Se è complicato ottenere indicazioni sui luoghi, non è meno difficile ricavare informazioni relative alle persone: alla loro vita e persino ai loro nomi. E parliamo dei potenti,  perché degli altri non si fa  menzione quasi mai. I motivi sono tanti e ci vuole un po’ per elencarli tutti. Dunque, andiamo per ordine.

In primo luogo, cominciamo da come venivano chiamati. Durante tutto l’alto medioevo, ognuno era conosciuto esclusivamente per il nome. Fu soltanto dopo il 1.000 che si evidenziò la presenza dei cognomi, vuoi per la concomitante crescita demografica che per il progressivo inurbamento. Infatti, se le piccole comunità potevano facilmente identificare ogni individuo, magari con l’aggiunta di un soprannome o col nome di padre/madre, il sistema entra in crisi quando si tratta di riconoscere, classificare e magari contare le crescenti masse cittadine. Così, i soprannomi, i patronimici, i nomi legati al lavoro svolto e alla provenienza si tramutano progressivamente in cognomi: Di Matteo, Di Michele, Di Francia; oppure Callegari, Sartori, Vinai; e anche Smorto, Guastavigna, Gambacorta, Cortese.

Per una diffusione sistematica del cognome, in Italia bisognerà aspettare comunque il periodo tra Medioevo e Rinascimento. Perché essa diventi obbligatoria, bisognerà arrivare al Concilio di Trento (1543-1563).

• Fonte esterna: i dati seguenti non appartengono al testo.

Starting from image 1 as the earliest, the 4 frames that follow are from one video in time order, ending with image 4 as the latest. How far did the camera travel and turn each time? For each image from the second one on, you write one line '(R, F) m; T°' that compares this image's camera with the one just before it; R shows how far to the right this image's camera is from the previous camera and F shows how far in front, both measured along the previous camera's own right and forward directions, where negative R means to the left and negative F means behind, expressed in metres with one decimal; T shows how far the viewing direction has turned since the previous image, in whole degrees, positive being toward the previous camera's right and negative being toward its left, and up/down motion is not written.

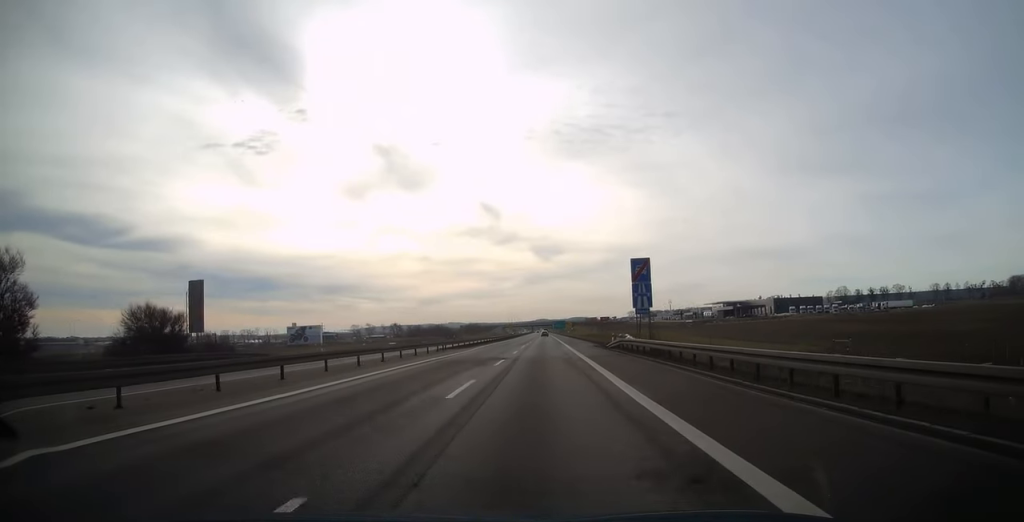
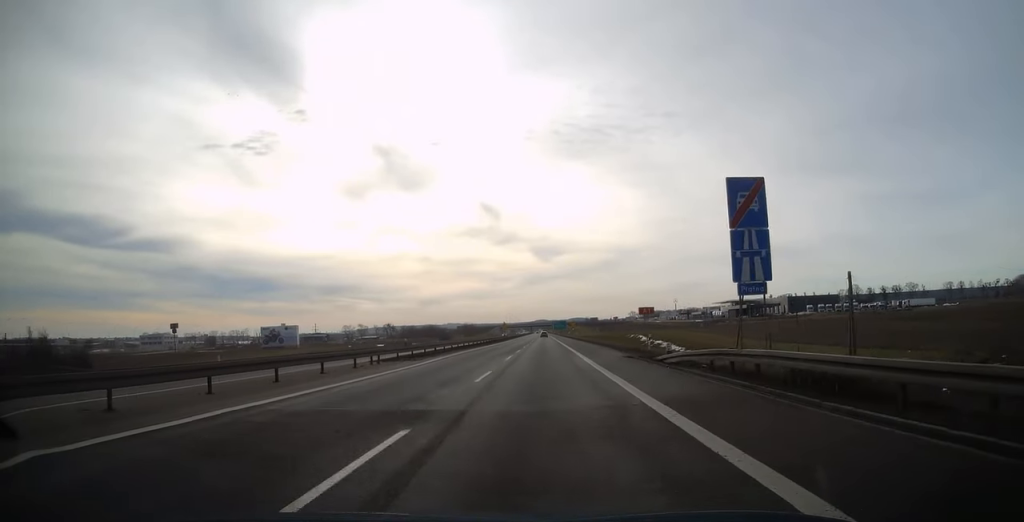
(0.0, +20.2) m; 0°
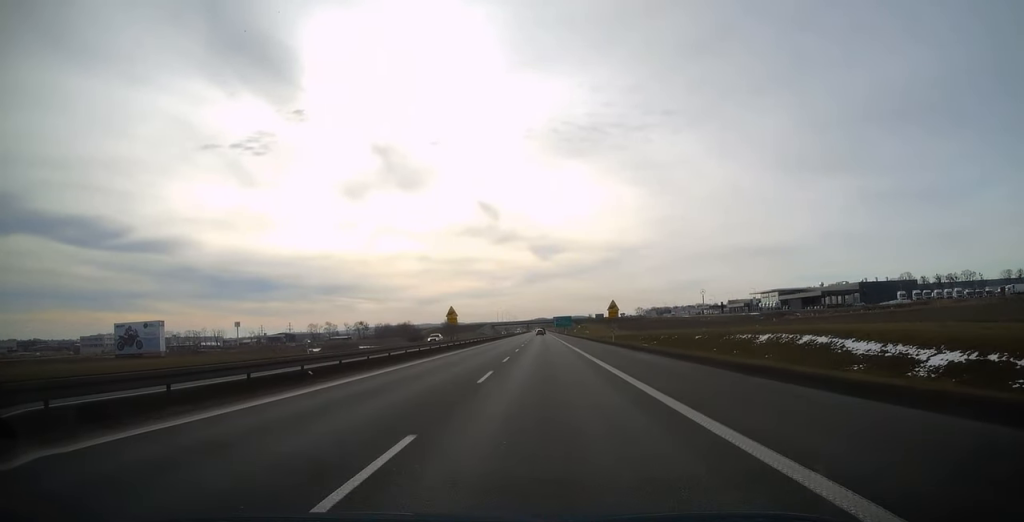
(0.0, +73.6) m; 0°
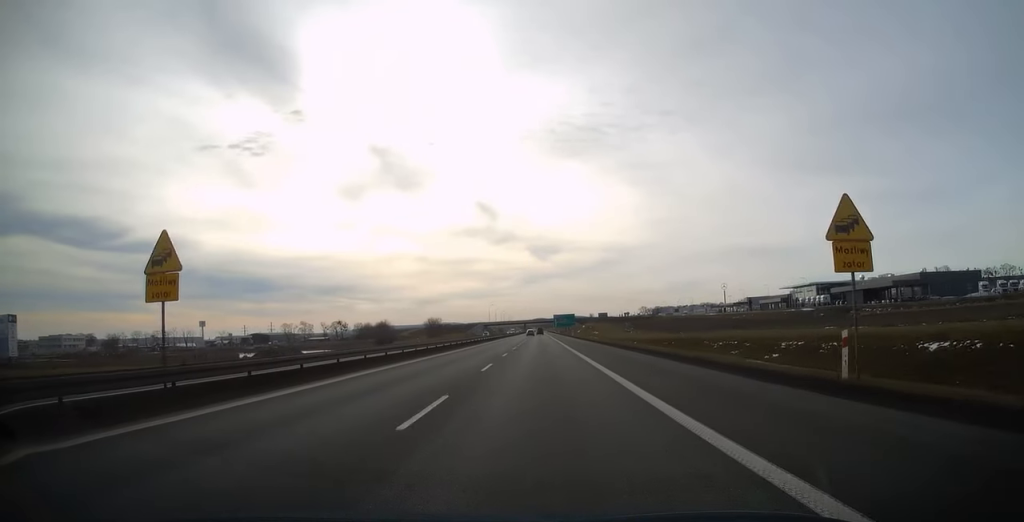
(-0.1, +43.3) m; 0°
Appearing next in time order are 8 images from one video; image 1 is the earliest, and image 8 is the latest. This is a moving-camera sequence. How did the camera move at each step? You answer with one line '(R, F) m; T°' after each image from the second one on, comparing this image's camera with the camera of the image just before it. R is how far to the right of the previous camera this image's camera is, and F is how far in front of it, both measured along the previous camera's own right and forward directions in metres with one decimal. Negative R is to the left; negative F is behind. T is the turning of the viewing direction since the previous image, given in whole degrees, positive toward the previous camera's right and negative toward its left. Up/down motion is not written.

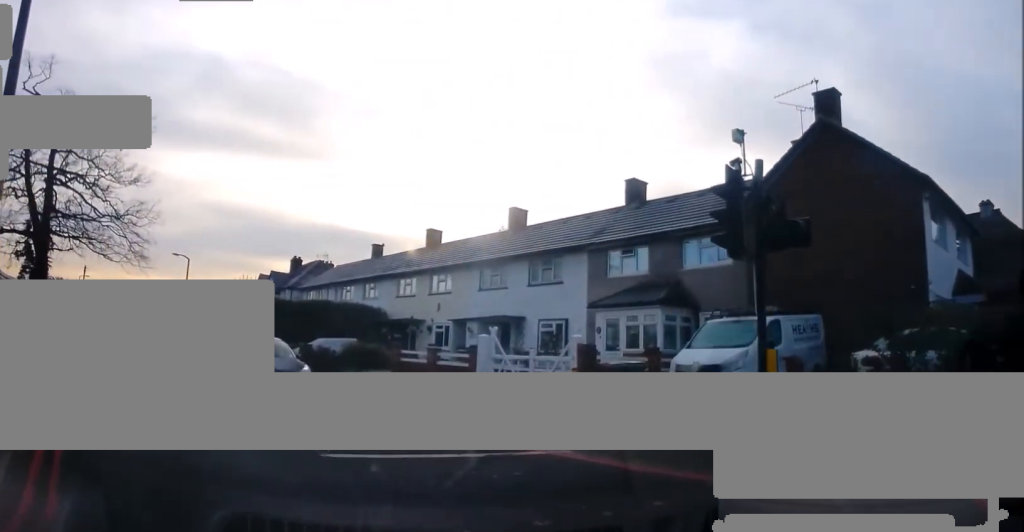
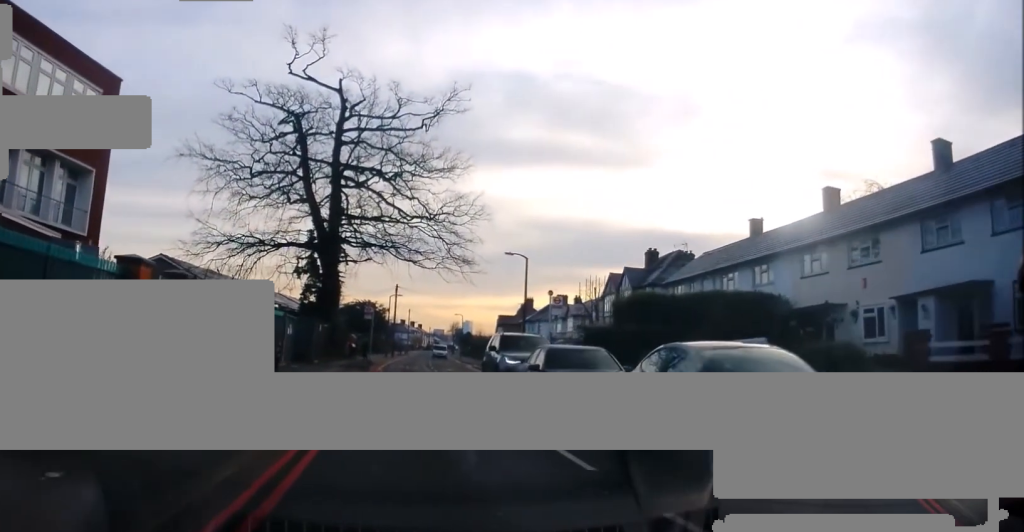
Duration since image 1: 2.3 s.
(-2.2, +8.3) m; -16°
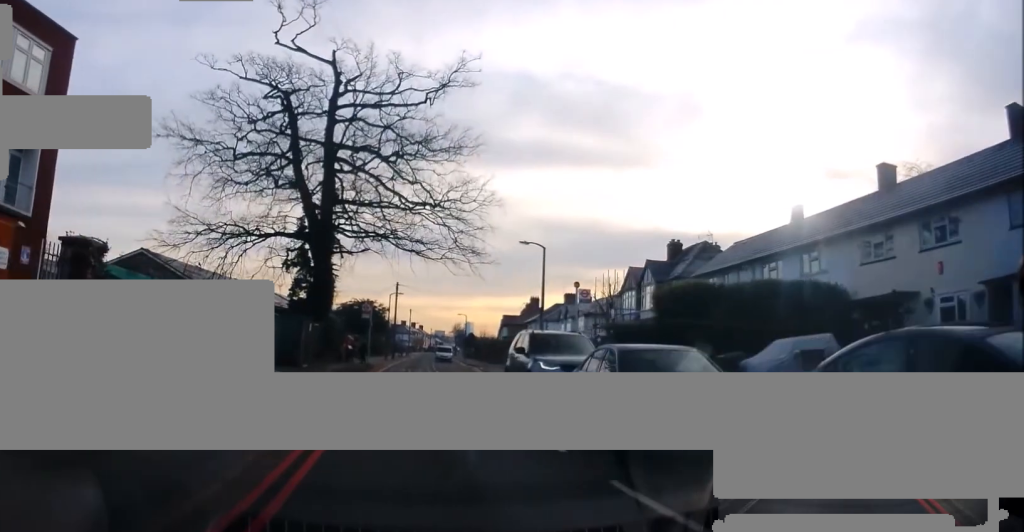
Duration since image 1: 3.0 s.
(-0.1, +3.7) m; +1°
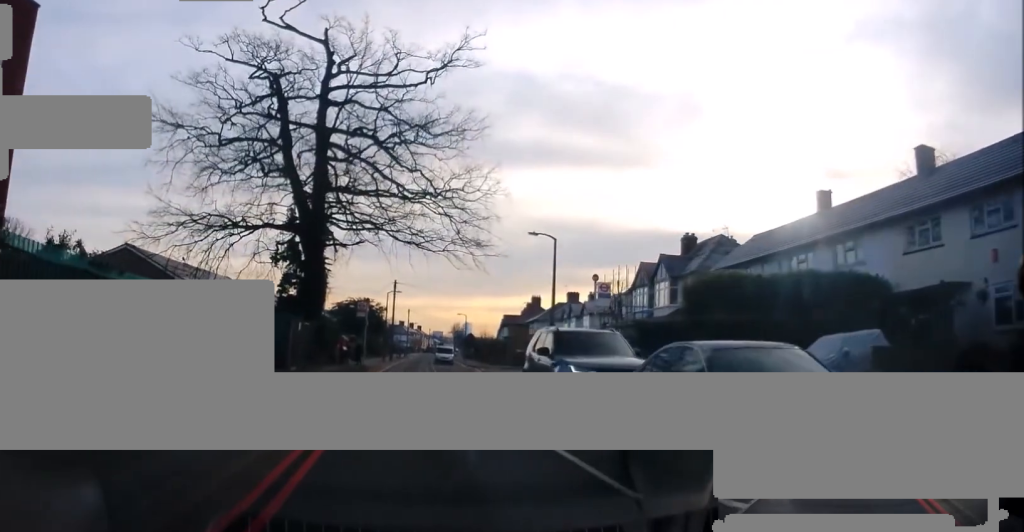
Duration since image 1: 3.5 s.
(-0.1, +2.3) m; +1°
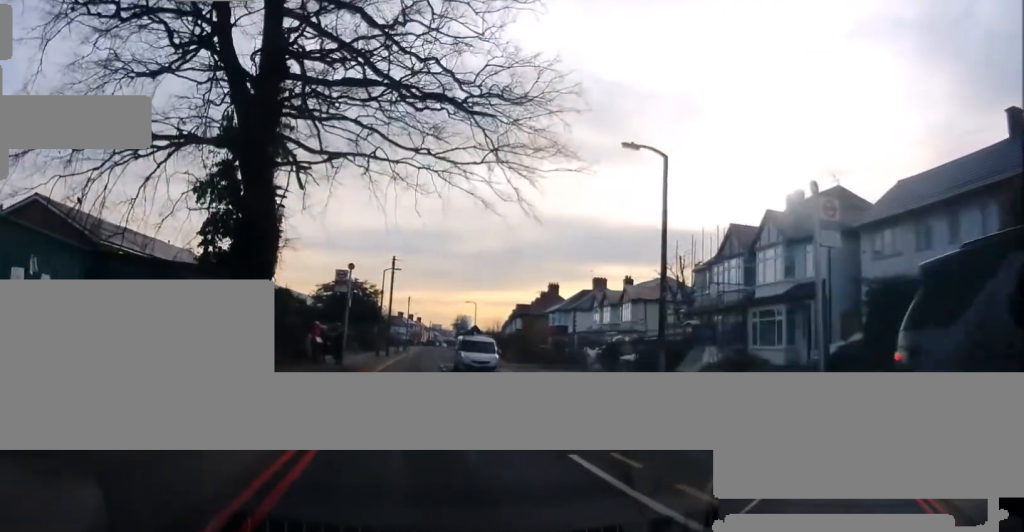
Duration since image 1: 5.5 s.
(-0.3, +11.7) m; -1°
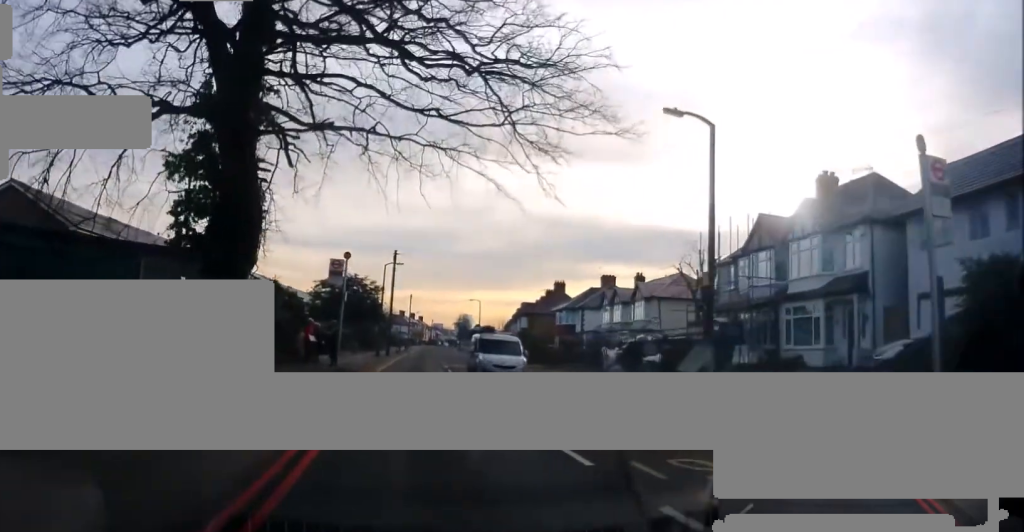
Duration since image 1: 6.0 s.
(+0.3, +2.9) m; +1°
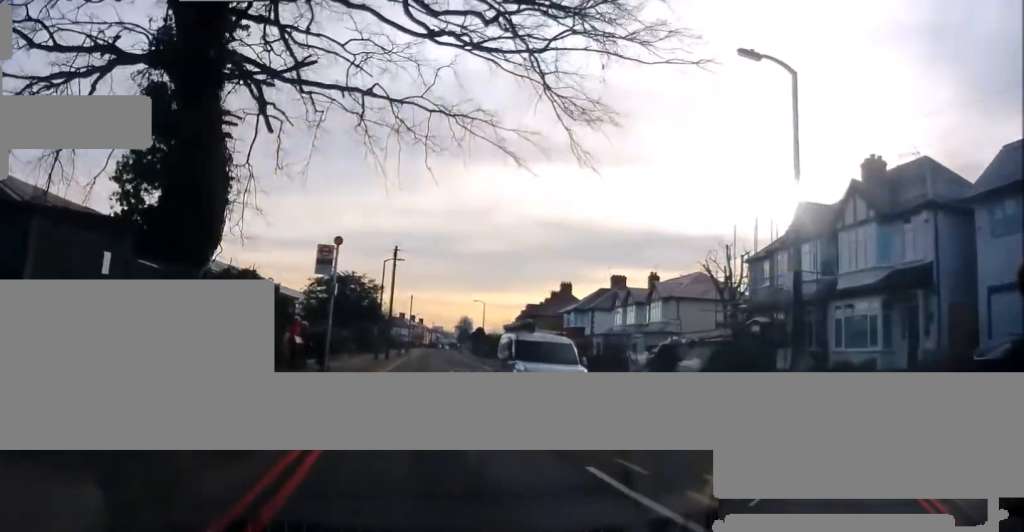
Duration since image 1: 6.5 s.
(+0.2, +3.5) m; +1°
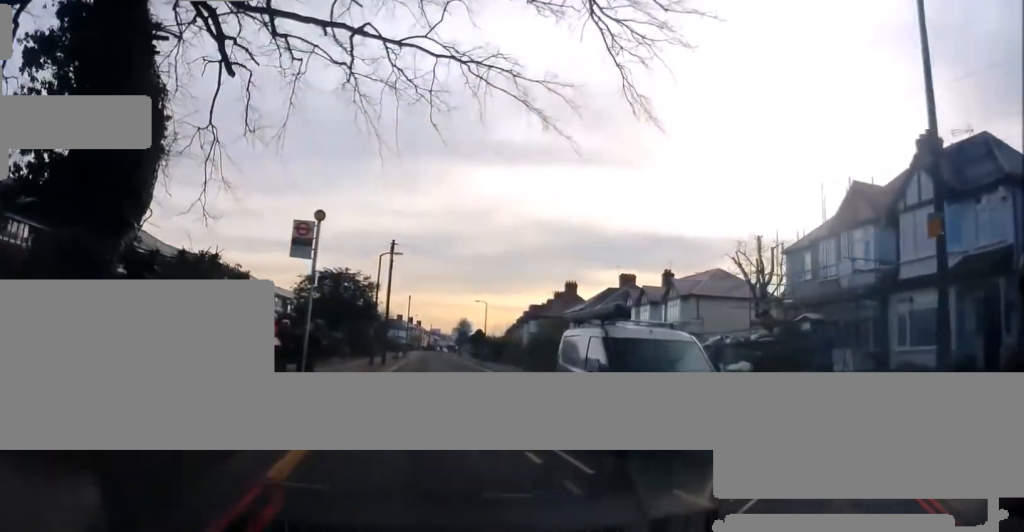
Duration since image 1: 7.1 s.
(-0.2, +3.7) m; -2°

Intanto, negli anni avanti il millennio, l’identità primaria resta consegnata a un nemico molto potente: l’ignoranza. Infatti, pochissimi a quei tempi sono coloro in grado di leggere; ancor meno quelli capaci di scrivere. Anche all’interno della classe nobile, dove è piuttosto comune trovare conti, marchesi e baroni analfabeti, ma persino grandi re e potenti imperatori costretti ad arretrare di fronte a una qualsiasi pergamena.  Così, le cose scritte sono viste con quel misto di diffidenza e di reverenza che è proprio dei misteri, sia che si tratti di atti della quotidianità, come rogiti, compravendite e lasciti testamentari, sia che ci si riferisca all’amministrazione di regni. E coloro che ne sanno penetrare i segreti costituiscono una casta chiusa, a cui ognuno rimette una parte intima di sé, delle sue aspirazioni e dei suoi voleri. Fino agli uomini di chiesa, canonici, presbiteri o chierici, a cui è affidata la parola delle parole, quella sacra, che penetra le porte dell’anima e schiude quelle della salvezza.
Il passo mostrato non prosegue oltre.